Now we can create the training phase:

```
def optimize(W, b, X, y, num_iterations, learning_rate):
costs = []
for i in range(num_iterations):
A, cost = forward_propagation(W, b, X, y)
dW, db = backward_propagation(X, A, y)
W = W - learning_rate * dW
b = b - learning_rate * db
if i % 100 == 0:
costs.append(cost)
print ("cost and epoch %i: %f" % (i, cost))
params = {
"W": W,
"b": b
}
gradients = {
"dW": dW,
"db": db
}
return params, gradients, costs
```

`for i in range(num_iterations):`

We used a for loop to compute the gradient descent multiple times and obtain optimal values for **W** and **b**.

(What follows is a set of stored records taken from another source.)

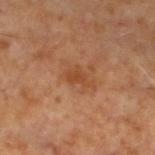biopsy_status: not biopsied; imaged during a skin examination
image:
  source: total-body photography crop
  field_of_view_mm: 15
site: left lower leg
patient:
  sex: male
  age_approx: 60
lighting: cross-polarized
lesion_size:
  long_diameter_mm_approx: 3.0
automated_metrics:
  area_mm2_approx: 3.5
  eccentricity: 0.8
  shape_asymmetry: 0.45
  cielab_L: 43
  cielab_a: 23
  cielab_b: 34
  vs_skin_darker_L: 7.0
  vs_skin_contrast_norm: 6.0
  border_irregularity_0_10: 4.5
  color_variation_0_10: 1.0
  peripheral_color_asymmetry: 0.5

We update the **W** and **b** values:

```
W = W - learning_rate * dW
b = b - learning_rate * db
```

Once we have the model trained the **predict function** will use **W**, **b** and the sigmoid function to make a prediction:

```
def predict(W, b, X):
data_number = X.shape[0]
y_prediction = np.zeros((1, data_number))
Z = np.dot(W, X.T) + b
A = sigmoid(Z)
for i in range(A.shape[1]):
y_prediction[0, i] = 1 if A[0, i] > 0.5 else 0
return y_prediction
```

We use the threshold to assign a class:

`y_prediction[0, i] = 1 if A[0, i] > 0.5 else 0`

Now we can create a function to train and evaluate a new model:

```
def model(X_train, y_train, X_val, Y_val, num_iterations=2000, learning_rate=0.5):
dimensions = X.shape[1]
W = np.zeros(shape=(1, dimensions))
b = 0
params, gradients, costs = optimize(W, b, X_train, y_train, num_iterations, learning_rate)
W = params["W"]
b = params["b"]
y_prediction_validation = predict(W, b, X_val)
y_prediction_train = predict(W, b, X_train)
print("train accuracy: {} %".format(100 - np.mean(np.abs(y_prediction_train - y_train)) * 100))
print("test accuracy: {} %".format(100 - np.mean(np.abs(y_prediction_validation - y_val)) * 100))
```

We split the dataset into **training** and **validation** sets:

`X_train, X_val, y_train, y_val = train_test_split(X, y, random_state=0, test_size=0.20)`

Now we train and evaluate the model:

`model(X_train, y_train, X_val, y_val, num_iterations = 1000, learning_rate = 0.003)`

```
train accuracy: 64.00651465798046 %
test accuracy: 69.48051948051949 %
```

## Important things about logistic regression models

- Logistic regression models can work well when the classes are not well separated.
- Logistic regression models work well with high dimensional datasets.